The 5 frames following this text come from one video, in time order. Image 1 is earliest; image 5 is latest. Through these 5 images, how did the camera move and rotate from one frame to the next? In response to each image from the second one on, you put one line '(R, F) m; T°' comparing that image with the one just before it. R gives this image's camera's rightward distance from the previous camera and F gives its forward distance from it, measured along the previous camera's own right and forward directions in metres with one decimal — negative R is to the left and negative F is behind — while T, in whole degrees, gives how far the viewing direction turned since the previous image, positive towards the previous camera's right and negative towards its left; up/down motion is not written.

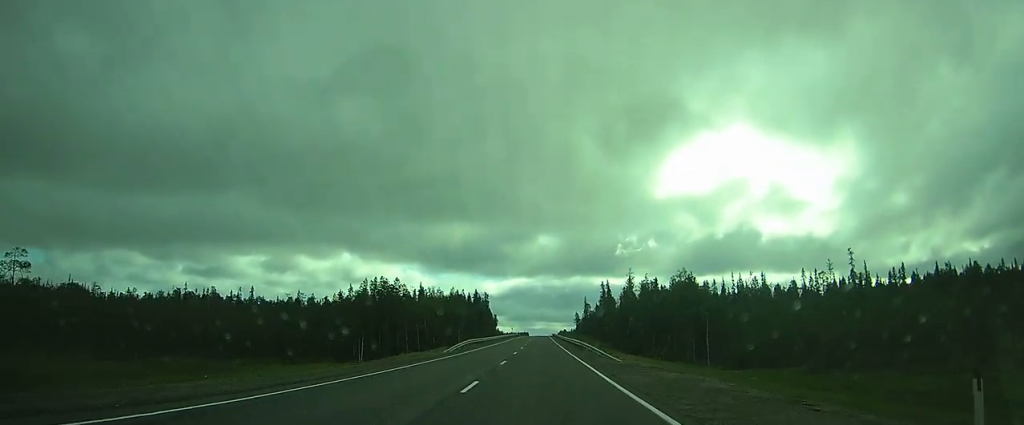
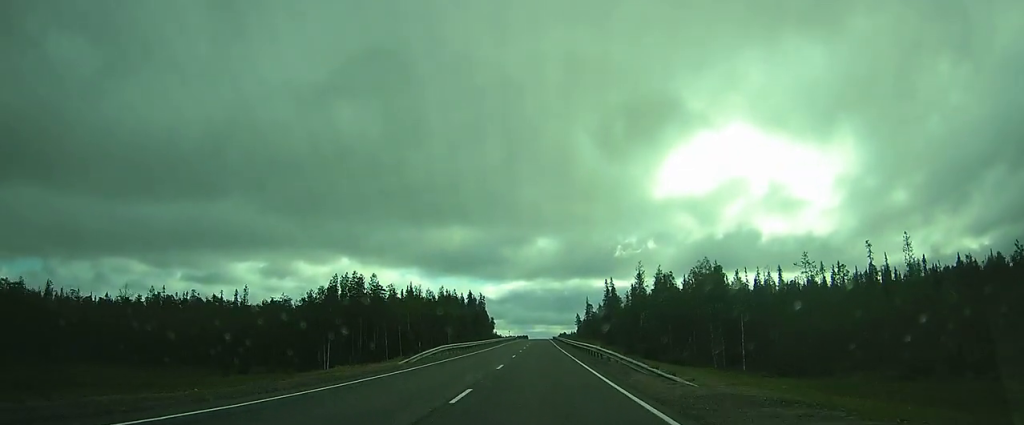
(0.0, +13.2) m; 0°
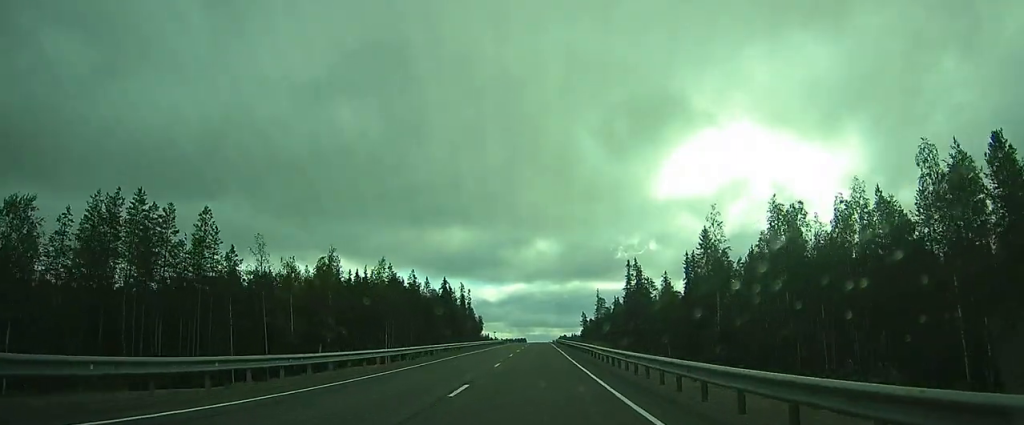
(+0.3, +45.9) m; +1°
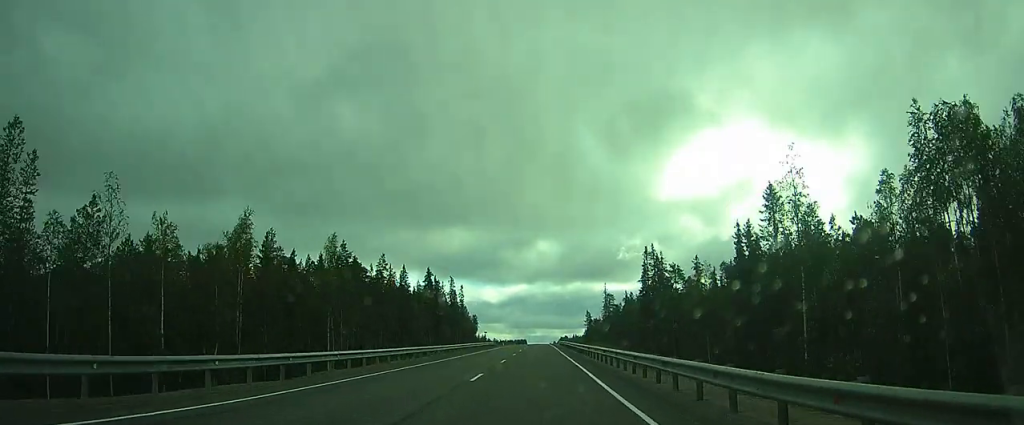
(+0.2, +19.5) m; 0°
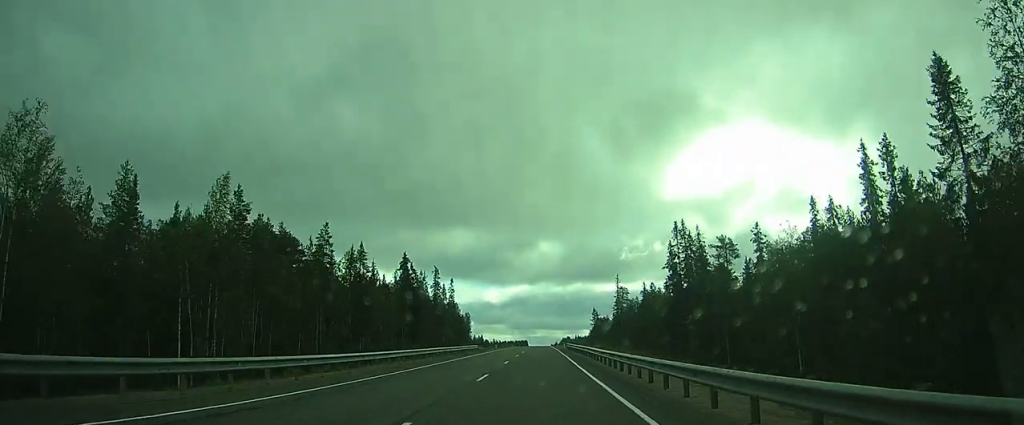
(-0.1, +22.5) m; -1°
* * *
Return the preceding entries verbatim, with the pictures excluded.

- Solution to the exercise
The 5 frames following this text come from one video, in time order. Image 1 is earliest; image 5 is latest. Through these 5 images, how did the camera move and rotate from one frame to the next? In response to each image from the second one on, you put one line '(R, F) m; T°' comparing that image with the one just before it. R gives this image's camera's rightward distance from the previous camera and F gives its forward distance from it, measured along the previous camera's own right and forward directions in metres with one decimal — negative R is to the left and negative F is behind — while T, in whole degrees, gives how far the viewing direction turned since the previous image, positive towards the previous camera's right and negative towards its left; up/down motion is not written.

(0.0, +13.2) m; 0°
(+0.3, +45.9) m; +1°
(+0.2, +19.5) m; 0°
(-0.1, +22.5) m; -1°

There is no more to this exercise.